Source : Le monde.fr
Fatima

Les secrets de Fátima sont, selon les croyants catholiques, trois révélations qui auraient été adressées en 1917 par la Vierge Marie sous son nom de Notre-Dame de Fátima à Lúcia dos Santos et ses cousins Jacinta et Francisco Marto dans la petite ville de Fátima au Portugal. On parle communément des trois secrets de Fátima, mais il s’agit en fait des trois parties d’une unique révélation donnée le 13 juillet 1917 et que la Vierge Marie aurait demandé de ne pas divulguer immédiatement.

La première partie est une vision de l’enfer.

« La première [partie] fut la vision de l’Enfer. Notre-Dame nous montra une grande mer de feu, qui paraissait se trouver sous la terre et, plongés dans ce feu, les démons et les âmes, comme s’ils étaient des braises transparentes, noires ou bronzées, avec une forme humaine. Ils flottaient dans cet incendie, soulevés par les flammes, qui sortaient d’eux-mêmes, avec des nuages de fumée. Ils retombaient de tous côtés, comme les étincelles retombent dans les grands incendies, sans poids ni équilibre, avec des cris et des gémissements de douleur et de désespoir qui horrifiaient et faisaient trembler de frayeur. Les démons se distinguaient par leurs formes horribles et dégoûtantes d’animaux épouvantables et inconnus, mais transparents et noirs. Cette vision dura un moment, grâce à notre bonne Mère du Ciel qui auparavant nous avait prévenus, nous promettant de nous emmener au Ciel (à la première apparition). Autrement, je crois que nous serions morts d’épouvante et de peur. »

La deuxième partie enseigne comment sauver les âmes de l’enfer et comment obtenir la paix. Cette partie concerne la Russie.

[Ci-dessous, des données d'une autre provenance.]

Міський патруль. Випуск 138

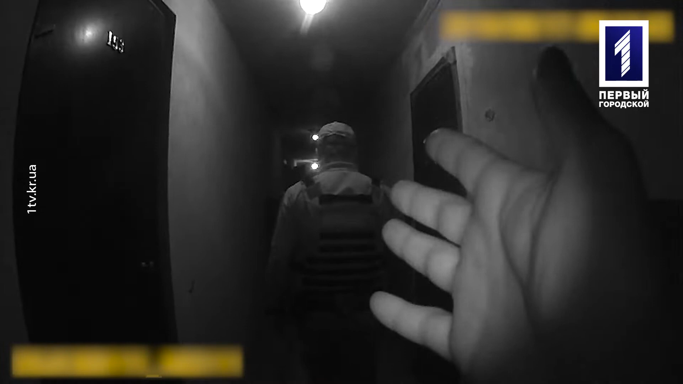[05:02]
Патрульні прибули на місце та почали виводити місцевих мешканців із задимленої будівлі.
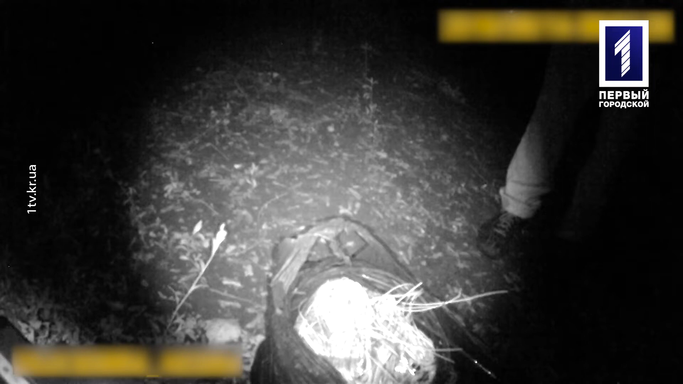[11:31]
Я тільки знаю, як тебе зайдуть. Щойно патрульні заїхали у двір. Двоє чоловіків одразу відійшли від колодязя та кинули стікати.
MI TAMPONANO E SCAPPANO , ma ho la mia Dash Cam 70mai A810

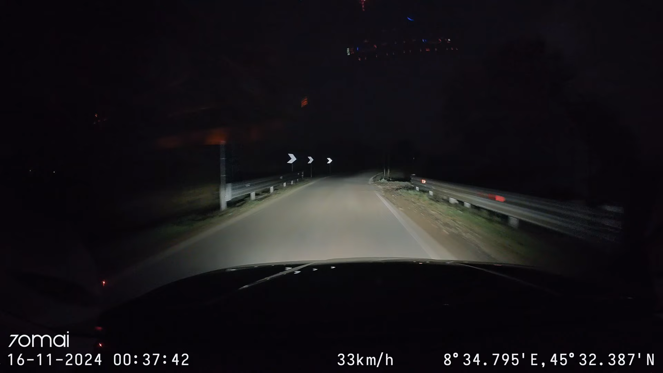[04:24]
quindi con strada completamente buia, in assenza totale di illuminazione stradale, basandomi solo su quello che la telecamera riprende utilizzando i fari del veicolo. E vi devo dire che effettivamente si vede discretamente bene in condizioni veramente difficili.

« Vous avez vu l’enfer où vont les âmes des pauvres pécheurs. Pour les sauver, Dieu veut établir dans le monde la dévotion à mon Cœur immaculé. Si l’on fait ce que je vais vous dire, beaucoup d’âmes seront sauvées et on aura la paix. La guerre va finir. Mais si l’on ne cesse d’offenser Dieu, sous le pontificat de Pie XI en commencera une autre pire encore. Lorsque vous verrez une nuit illuminée par une lumière inconnue, sachez que c’est le grand signe que Dieu vous donne, qu’Il va punir le monde de ses crimes par le moyen de la guerre, de la faim et des persécutions contre l’Église et le Saint-Père. Pour empêcher cette guerre, je viendrai demander la consécration de la Russie à mon Cœur immaculé et la communion réparatrice des premiers samedis. Si on accepte mes demandes, la Russie se convertira et on aura la paix ; sinon elle répandra ses erreurs à travers le monde, provoquant des guerres et des persécutions contre l’Église. Les bons seront martyrisés, le Saint-Père aura beaucoup à souffrir, diverses nations seront détruites. À la fin, mon Cœur immaculé triomphera. Le Saint-Père me consacrera la Russie, qui se convertira, et il sera concédé au monde un certain temps de paix. »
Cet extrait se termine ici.